Photogrammetry In the case of photogrammetry, a quality, high-resolution, full-frame sensor camera like WingtraOne’s Sony RX1R II can yield outputs with horizontal (x-y) accuracies in the range of 1 cm (0.4 in) and elevation (z) accuracies in the range of 2 to 3 cm (0.8 to 1.2 in) over hard surfaces, enabling precise volumetric analysis. Note, however, that in order to achieve such performance the payload used for photogrammetry must be a professional one, with the right image sensor and lens to capture more detail. It’s not just about the number of pixels. In fact, two cameras with the same number of megapixels and different size sensors provide different image quality and accuracy. Not all pixels are created equal. -Francois Gervaix Geospatial expert Proper mission planning and post-processing are also important for achieving optimal accuracy: good overlap among images increases accuracy and provides better error correction compared to complete reliance on the direct geo-referencing method used in LIDAR. A high-end drone system with professional mission planning and post-processing workflow helps ensure that you capture quality data that generates accurate results. Stockpile measurement based on photogrammetry. Accurate 3D models with 2 to 3 cm (0.8 to 1.2 in) of vertical accuracy can be used for precise volumetric calculations across a number of industries.
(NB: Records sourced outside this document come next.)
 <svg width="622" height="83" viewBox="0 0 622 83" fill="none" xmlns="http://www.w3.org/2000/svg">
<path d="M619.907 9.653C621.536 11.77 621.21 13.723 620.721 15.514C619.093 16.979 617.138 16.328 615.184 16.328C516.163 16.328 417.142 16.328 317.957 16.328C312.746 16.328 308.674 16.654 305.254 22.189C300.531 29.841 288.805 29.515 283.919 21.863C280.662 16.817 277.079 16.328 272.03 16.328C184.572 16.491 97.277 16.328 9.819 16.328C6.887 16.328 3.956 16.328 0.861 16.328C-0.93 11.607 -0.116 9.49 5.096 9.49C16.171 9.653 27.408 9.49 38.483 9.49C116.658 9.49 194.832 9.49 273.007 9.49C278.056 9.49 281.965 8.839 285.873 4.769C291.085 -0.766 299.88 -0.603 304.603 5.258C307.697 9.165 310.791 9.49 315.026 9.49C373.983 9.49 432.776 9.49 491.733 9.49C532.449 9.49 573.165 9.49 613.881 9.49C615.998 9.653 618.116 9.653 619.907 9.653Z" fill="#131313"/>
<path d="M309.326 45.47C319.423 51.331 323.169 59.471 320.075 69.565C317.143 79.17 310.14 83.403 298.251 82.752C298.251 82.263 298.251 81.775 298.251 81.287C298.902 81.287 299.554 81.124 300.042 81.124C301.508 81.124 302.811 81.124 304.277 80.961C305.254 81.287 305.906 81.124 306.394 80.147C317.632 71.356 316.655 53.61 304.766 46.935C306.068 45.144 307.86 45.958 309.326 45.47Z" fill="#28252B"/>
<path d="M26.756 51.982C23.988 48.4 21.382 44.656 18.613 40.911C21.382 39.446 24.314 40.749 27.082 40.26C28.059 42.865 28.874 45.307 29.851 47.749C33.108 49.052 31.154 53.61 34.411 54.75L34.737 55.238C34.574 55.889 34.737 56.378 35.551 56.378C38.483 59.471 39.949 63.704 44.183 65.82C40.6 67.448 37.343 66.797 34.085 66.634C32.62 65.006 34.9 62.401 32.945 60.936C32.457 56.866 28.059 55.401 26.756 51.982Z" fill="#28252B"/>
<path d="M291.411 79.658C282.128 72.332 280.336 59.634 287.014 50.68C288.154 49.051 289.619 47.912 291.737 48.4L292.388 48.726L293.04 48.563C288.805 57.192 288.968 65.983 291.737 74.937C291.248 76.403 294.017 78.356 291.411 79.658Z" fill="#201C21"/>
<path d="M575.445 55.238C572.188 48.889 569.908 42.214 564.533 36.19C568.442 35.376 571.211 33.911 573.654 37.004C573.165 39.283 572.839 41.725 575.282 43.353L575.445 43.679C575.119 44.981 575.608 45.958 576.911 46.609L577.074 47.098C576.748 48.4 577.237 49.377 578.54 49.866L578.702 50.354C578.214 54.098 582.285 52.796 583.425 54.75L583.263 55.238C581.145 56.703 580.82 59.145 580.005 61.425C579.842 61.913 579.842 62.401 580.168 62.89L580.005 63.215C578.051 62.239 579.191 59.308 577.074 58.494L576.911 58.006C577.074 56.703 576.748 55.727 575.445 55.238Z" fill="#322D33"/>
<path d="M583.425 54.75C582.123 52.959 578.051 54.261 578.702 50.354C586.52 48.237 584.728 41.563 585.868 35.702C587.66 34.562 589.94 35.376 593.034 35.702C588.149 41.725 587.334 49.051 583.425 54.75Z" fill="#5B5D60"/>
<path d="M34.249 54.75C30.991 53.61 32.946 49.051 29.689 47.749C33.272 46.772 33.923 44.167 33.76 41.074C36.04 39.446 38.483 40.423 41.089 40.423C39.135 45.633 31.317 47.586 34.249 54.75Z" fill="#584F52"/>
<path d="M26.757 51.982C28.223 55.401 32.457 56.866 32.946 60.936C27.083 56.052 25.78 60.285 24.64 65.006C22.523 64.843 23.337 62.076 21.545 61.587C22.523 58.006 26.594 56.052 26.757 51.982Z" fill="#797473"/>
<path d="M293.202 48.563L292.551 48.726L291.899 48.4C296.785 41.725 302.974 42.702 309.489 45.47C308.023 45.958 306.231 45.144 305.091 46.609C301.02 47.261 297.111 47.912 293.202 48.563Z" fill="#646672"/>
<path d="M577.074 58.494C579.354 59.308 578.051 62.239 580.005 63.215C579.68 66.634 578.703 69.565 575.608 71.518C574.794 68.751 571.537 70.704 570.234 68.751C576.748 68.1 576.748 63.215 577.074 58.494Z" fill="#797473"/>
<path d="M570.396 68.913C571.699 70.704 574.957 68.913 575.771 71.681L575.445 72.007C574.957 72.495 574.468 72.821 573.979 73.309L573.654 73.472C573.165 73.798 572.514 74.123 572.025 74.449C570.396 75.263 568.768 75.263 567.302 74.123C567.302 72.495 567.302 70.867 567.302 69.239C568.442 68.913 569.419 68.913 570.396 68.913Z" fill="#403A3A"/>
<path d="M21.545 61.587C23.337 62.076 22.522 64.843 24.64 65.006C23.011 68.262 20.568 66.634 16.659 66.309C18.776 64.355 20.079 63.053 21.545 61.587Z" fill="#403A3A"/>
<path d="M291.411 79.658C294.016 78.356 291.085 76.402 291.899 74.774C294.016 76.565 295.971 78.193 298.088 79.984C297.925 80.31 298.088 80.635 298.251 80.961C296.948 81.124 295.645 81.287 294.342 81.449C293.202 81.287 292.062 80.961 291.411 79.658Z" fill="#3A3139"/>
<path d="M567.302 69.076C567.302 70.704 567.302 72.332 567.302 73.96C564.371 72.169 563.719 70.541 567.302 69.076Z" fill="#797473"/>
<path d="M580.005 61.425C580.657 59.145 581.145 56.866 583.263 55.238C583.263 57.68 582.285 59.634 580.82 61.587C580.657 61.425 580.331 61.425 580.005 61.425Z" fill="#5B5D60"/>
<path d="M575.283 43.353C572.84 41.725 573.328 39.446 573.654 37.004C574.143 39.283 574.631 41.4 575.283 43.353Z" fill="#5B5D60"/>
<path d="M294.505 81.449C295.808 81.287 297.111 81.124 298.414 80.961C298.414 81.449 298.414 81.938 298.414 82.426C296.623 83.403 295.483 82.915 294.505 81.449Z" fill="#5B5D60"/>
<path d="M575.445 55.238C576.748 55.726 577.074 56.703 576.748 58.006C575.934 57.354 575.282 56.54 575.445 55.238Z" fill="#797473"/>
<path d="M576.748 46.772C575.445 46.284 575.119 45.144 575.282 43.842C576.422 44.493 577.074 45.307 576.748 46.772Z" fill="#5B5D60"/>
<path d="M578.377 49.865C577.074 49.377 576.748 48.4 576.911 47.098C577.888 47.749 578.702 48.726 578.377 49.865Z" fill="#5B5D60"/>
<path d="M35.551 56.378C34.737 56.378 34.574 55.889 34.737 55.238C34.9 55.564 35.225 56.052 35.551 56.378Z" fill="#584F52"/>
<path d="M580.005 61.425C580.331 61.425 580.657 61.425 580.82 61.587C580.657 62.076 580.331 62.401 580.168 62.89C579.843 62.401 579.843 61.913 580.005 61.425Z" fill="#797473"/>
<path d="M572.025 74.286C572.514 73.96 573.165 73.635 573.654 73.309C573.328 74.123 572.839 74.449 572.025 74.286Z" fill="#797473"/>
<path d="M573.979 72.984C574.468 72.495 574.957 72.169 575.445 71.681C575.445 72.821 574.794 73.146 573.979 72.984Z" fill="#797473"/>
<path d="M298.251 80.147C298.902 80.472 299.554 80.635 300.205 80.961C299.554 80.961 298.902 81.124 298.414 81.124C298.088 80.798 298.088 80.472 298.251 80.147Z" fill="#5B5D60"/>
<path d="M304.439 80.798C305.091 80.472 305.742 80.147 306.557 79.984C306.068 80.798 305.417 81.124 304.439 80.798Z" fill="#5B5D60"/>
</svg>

Image from 3DR Site Scan platform

LIDAR As for aerial LIDAR methods, the sensor does not target specific features on the ground but instead shoots the beams at a set frequency in a defined pattern. Even if the horizontal accuracy of the single point might be higher, the best horizontal accuracy of a point of interest on the ground is limited by the point density. In the case of LIDAR, horizontal accuracy is limited, by its design, to point density. Manned aerial LIDAR can provide a point density of up to 50 pts/m2 and offers a typical absolute accuracy of 20 cm horizontal and 10 cm vertical if flown at a standard height of 2000 m (6600 ft) AGL. By flying lower, lightweight UAV LIDAR provides a higher point density than manned aerial LIDAR and can achieve better accuracy even though the laser is less powerful. Mounted on a multi-copter, point density and the resulting point cloud accuracy can be improved by flying low and slow at the expense of reduced efficiency. In the case of LIDAR on fixed-wing drones, a point density between 50 and 200 pts/m2 is possible. This means a measurement every ~ 10 cm, so an absolute horizontal accuracy of about 10 cm can be achieved. On top of limited horizontal accuracy, LIDAR-derived point cloud accuracy depends on the precision of the LIDAR itself and the quality of the INS (IMU and GNSS) system. Considering all technological advancements and system variables at this time, the typical absolute accuracy that you can expect from a lightweight LIDAR system on a fixed-wing drone is approximately 10 cm (4 in) horizontal and 5 cm (2 in) vertical. Bottom line: if your applications depend on high absolute accuracy, you will want to go with photogrammetry.